Combine 1 tsp olive oil, garlic, minced sage, lemon zest, salt, pepper, and red pepper in a small bowl. Mix it well. Rub mixture into chicken and place chicken in a baking dish. Cover with plastic wrap and place in refrigerator for at least 1 hour, or up to 12 hours.
To cook and finish:
Preheat oven broiler to high.
In a cast iron or otherwise ovenproof skillet, heat 3 Tbsp olive oil over medium heat until hot. Carefully add sage leaves and fry for 30 seconds, remove sage from oil and set aside.

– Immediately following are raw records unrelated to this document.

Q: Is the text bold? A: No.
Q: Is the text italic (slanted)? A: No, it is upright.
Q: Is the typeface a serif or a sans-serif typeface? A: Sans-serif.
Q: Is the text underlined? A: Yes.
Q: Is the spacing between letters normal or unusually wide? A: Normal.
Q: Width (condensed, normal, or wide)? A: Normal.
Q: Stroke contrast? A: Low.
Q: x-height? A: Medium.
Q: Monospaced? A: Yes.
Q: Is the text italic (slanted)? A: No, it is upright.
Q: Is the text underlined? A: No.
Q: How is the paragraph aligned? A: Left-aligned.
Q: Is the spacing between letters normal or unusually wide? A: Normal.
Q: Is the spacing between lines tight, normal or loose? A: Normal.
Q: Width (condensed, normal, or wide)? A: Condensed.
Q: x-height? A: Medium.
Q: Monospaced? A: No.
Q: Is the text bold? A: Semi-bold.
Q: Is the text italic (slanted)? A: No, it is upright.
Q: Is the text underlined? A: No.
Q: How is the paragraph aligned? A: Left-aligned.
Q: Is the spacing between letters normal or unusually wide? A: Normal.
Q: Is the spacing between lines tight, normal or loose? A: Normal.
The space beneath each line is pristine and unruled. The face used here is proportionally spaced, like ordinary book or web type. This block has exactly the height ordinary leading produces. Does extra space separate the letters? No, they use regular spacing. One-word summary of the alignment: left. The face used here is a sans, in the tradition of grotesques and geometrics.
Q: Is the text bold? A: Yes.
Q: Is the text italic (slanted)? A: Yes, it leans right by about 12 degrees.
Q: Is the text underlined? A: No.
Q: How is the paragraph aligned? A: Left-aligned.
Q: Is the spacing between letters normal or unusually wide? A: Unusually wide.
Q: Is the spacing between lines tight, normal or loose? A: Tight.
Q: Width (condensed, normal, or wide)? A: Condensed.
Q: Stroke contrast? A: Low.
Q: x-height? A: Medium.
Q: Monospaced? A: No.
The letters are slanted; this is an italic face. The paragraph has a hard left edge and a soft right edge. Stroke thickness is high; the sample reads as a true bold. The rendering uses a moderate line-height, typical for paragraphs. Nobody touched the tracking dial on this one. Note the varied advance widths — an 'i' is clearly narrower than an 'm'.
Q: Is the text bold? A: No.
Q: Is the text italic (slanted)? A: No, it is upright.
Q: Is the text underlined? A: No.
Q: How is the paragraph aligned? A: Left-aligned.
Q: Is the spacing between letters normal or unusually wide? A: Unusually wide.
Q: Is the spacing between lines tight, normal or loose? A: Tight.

Add chicken and cook for 2½ minutes or until golden. Flip. Top each piece of chicken with 3-4 sage leaves. Lay 1 piece of prosciutto on each piece of chicken, then sprinkle the fontina over the proscuitto.
Once the second side has cooked for 2 minutes, move the pan to the oven under the broiler. Broil for 2 minutes, or until cheese is melted and lightly browned.
Remove from oven and top with parsley to garnish. Serve.
Notes
To smash garlic into a paste, first use a garlic press on the garlic.Then sprinkle it with a pinch of salt.Then mince into even smaller pieces.Lay knife blade over the garlic and smash it using pressure from your hand.